Records from a dataset:
:::

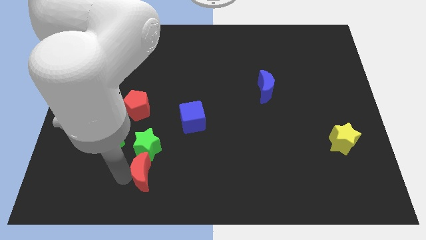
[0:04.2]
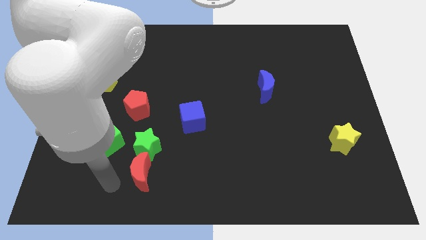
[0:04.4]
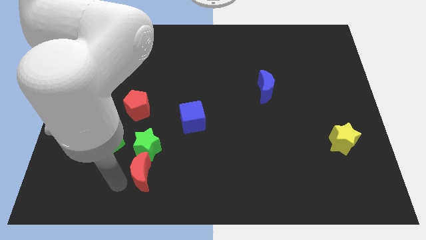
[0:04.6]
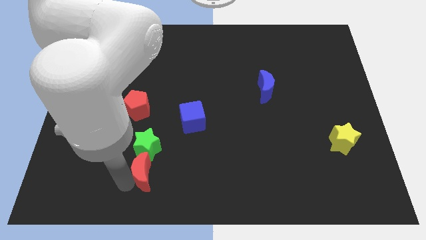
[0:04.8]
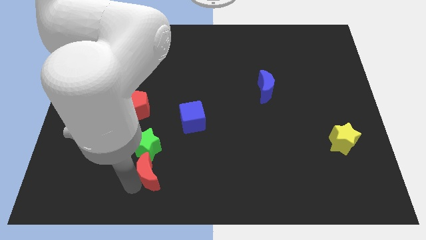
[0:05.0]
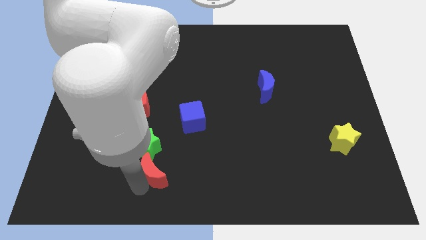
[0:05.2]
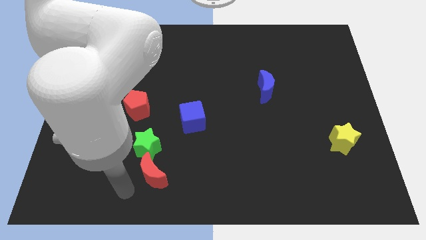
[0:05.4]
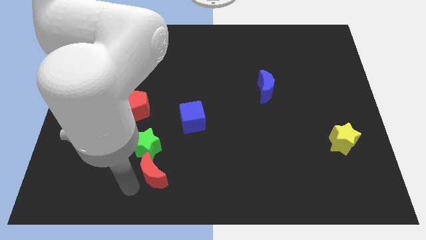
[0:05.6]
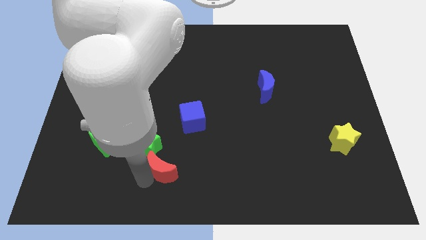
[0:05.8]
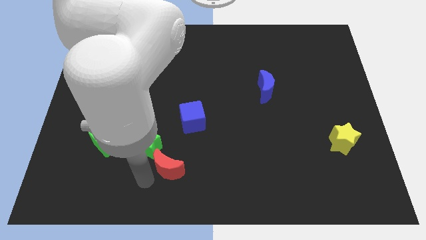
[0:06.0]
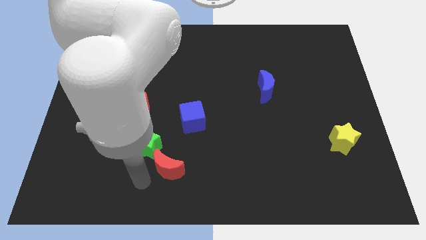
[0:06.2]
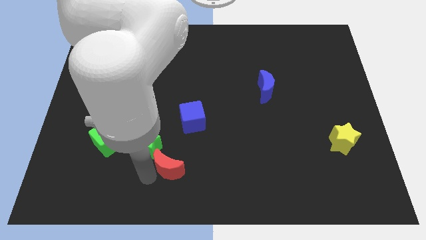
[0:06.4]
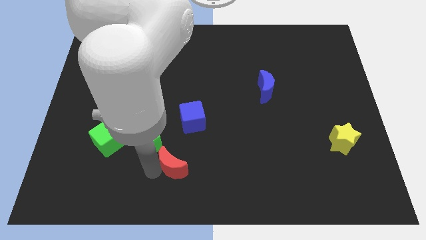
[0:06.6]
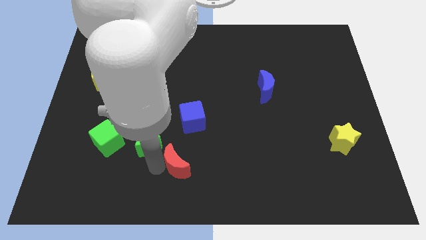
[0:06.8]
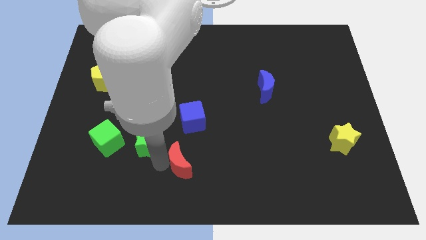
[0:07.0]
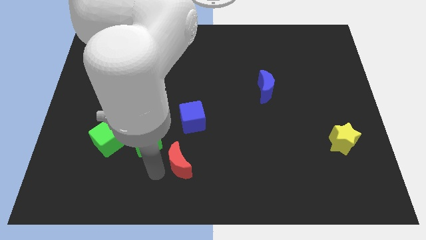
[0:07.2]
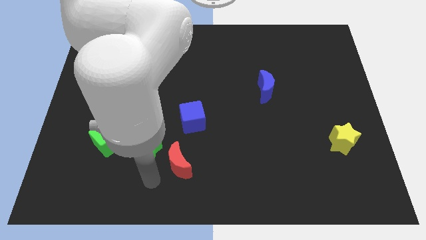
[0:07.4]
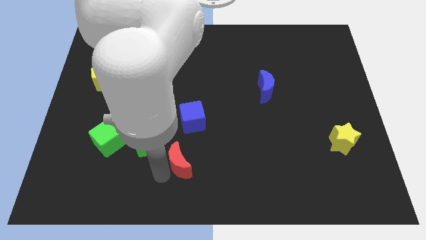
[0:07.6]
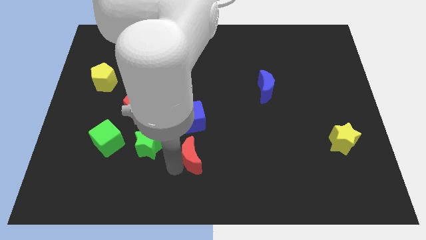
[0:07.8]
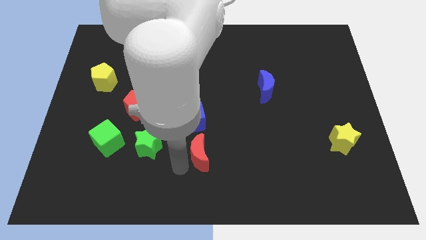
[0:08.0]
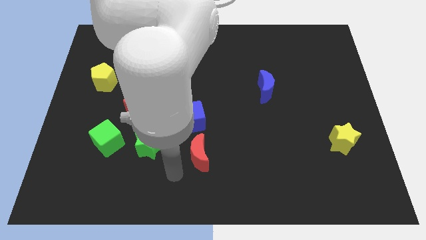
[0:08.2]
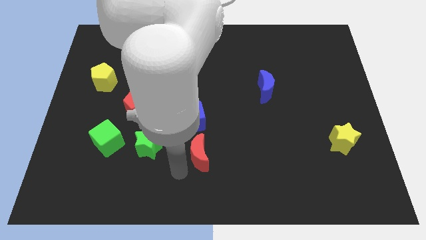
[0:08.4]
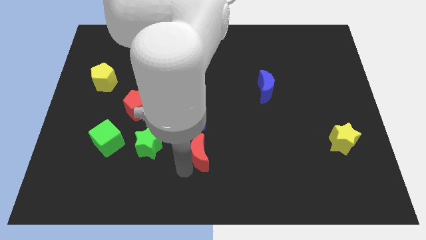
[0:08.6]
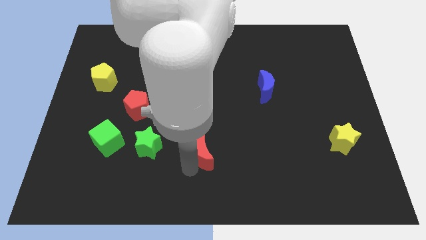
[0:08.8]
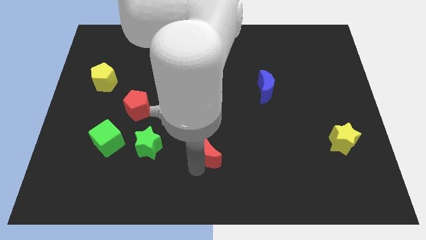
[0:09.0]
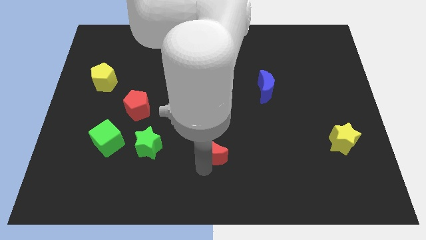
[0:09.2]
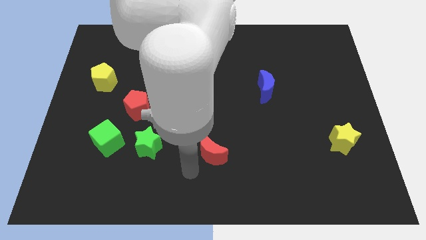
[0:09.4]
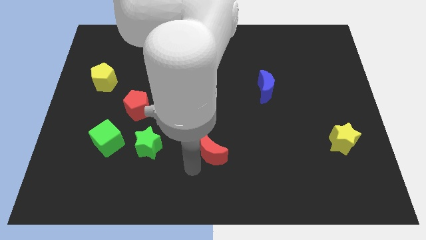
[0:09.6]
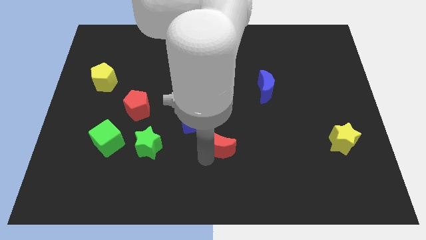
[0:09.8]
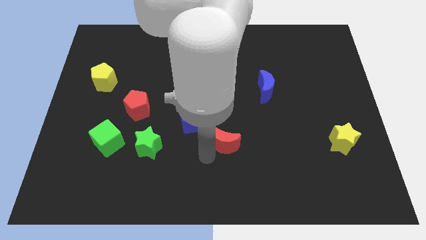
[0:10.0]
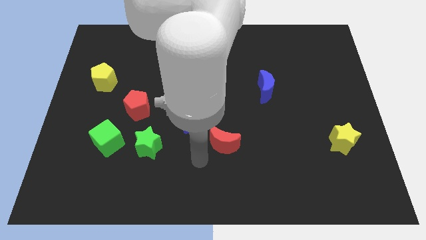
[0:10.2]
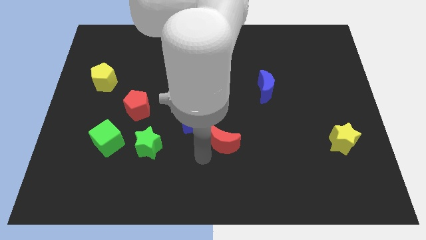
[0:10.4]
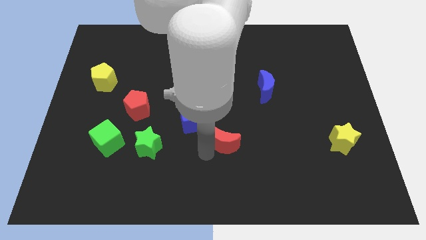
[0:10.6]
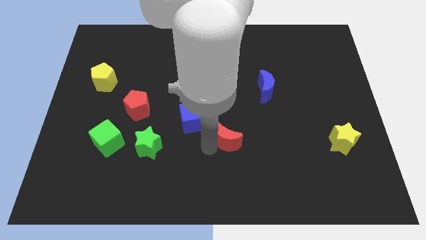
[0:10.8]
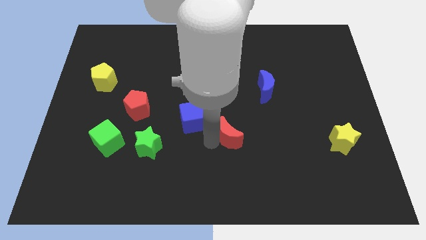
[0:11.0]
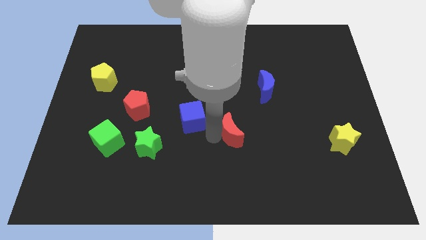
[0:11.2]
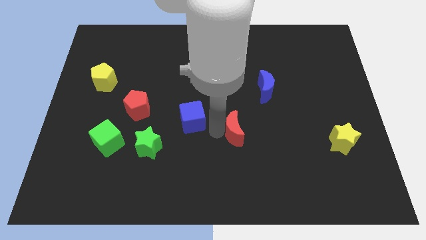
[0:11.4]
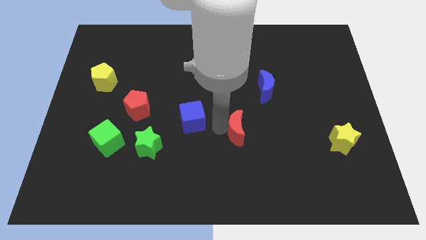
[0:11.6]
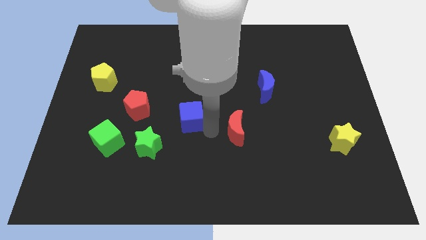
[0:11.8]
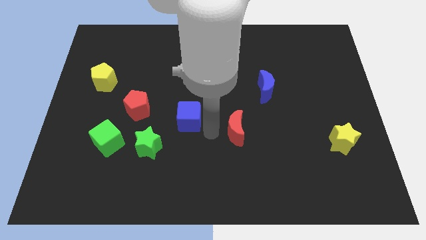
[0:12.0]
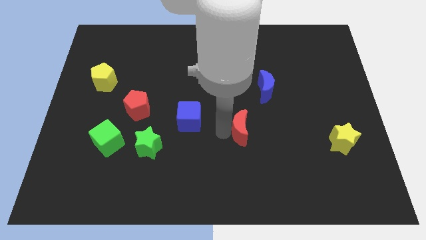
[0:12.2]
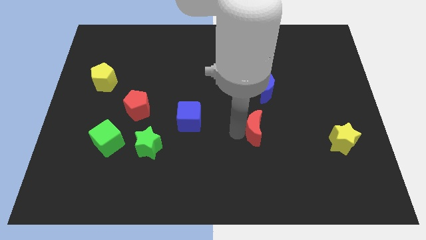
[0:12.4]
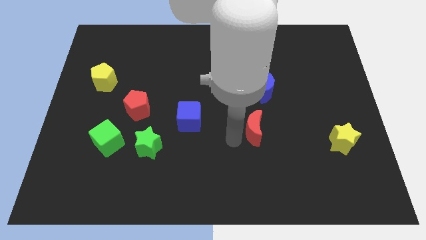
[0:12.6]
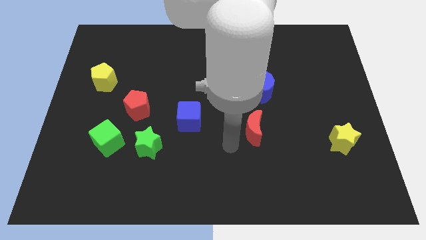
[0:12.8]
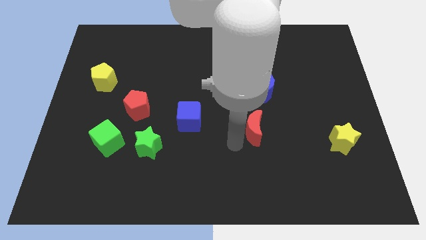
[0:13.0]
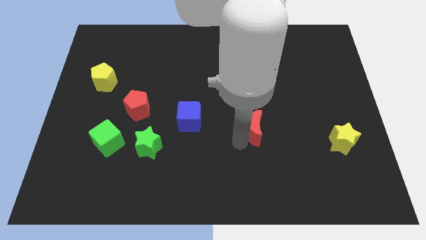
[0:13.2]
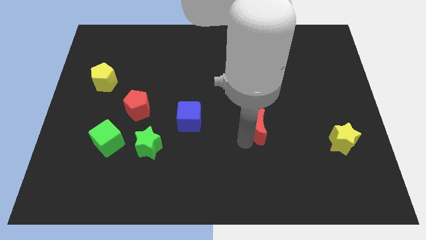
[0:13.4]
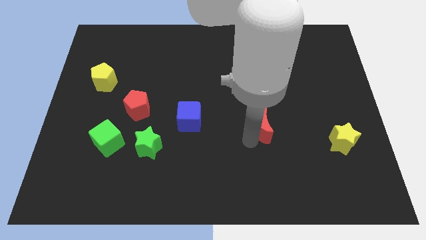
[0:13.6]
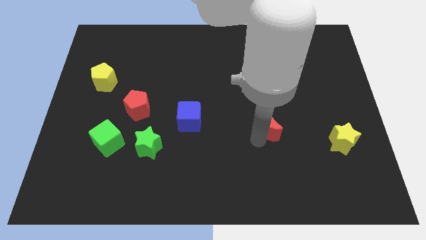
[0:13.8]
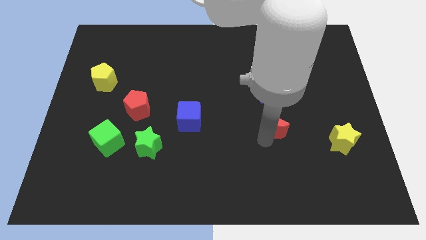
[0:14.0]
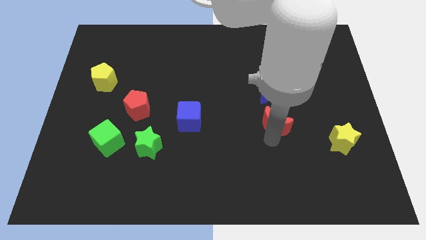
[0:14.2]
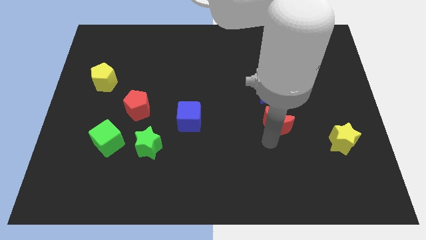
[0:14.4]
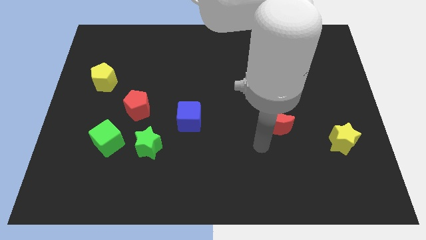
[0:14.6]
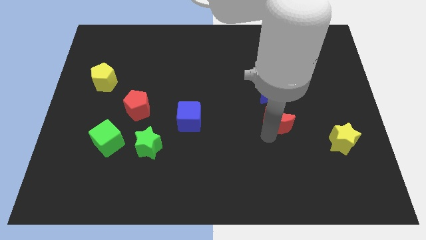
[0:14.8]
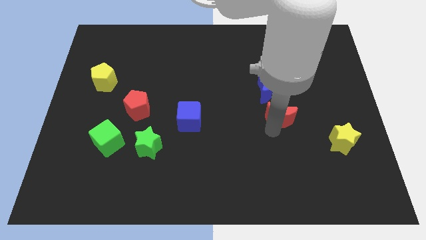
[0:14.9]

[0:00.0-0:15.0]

:::

AIM OF THE TASK: Write out the records above exactly as they appear, leaving out any pictures.

EXERCISE SOLUTION:
[0:04.2]
[0:04.4]
[0:04.6]
[0:04.8]
[0:05.0]
[0:05.2]
[0:05.4]
[0:05.6]
[0:05.8]
[0:06.0]
[0:06.2]
[0:06.4]
[0:06.6]
[0:06.8]
[0:07.0]
[0:07.2]
[0:07.4]
[0:07.6]
[0:07.8]
[0:08.0]
[0:08.2]
[0:08.4]
[0:08.6]
[0:08.8]
[0:09.0]
[0:09.2]
[0:09.4]
[0:09.6]
[0:09.8]
[0:10.0]
[0:10.2]
[0:10.4]
[0:10.6]
[0:10.8]
[0:11.0]
[0:11.2]
[0:11.4]
[0:11.6]
[0:11.8]
[0:12.0]
[0:12.2]
[0:12.4]
[0:12.6]
[0:12.8]
[0:13.0]
[0:13.2]
[0:13.4]
[0:13.6]
[0:13.8]
[0:14.0]
[0:14.2]
[0:14.4]
[0:14.6]
[0:14.8]
[0:14.9]

[0:00.0-0:15.0]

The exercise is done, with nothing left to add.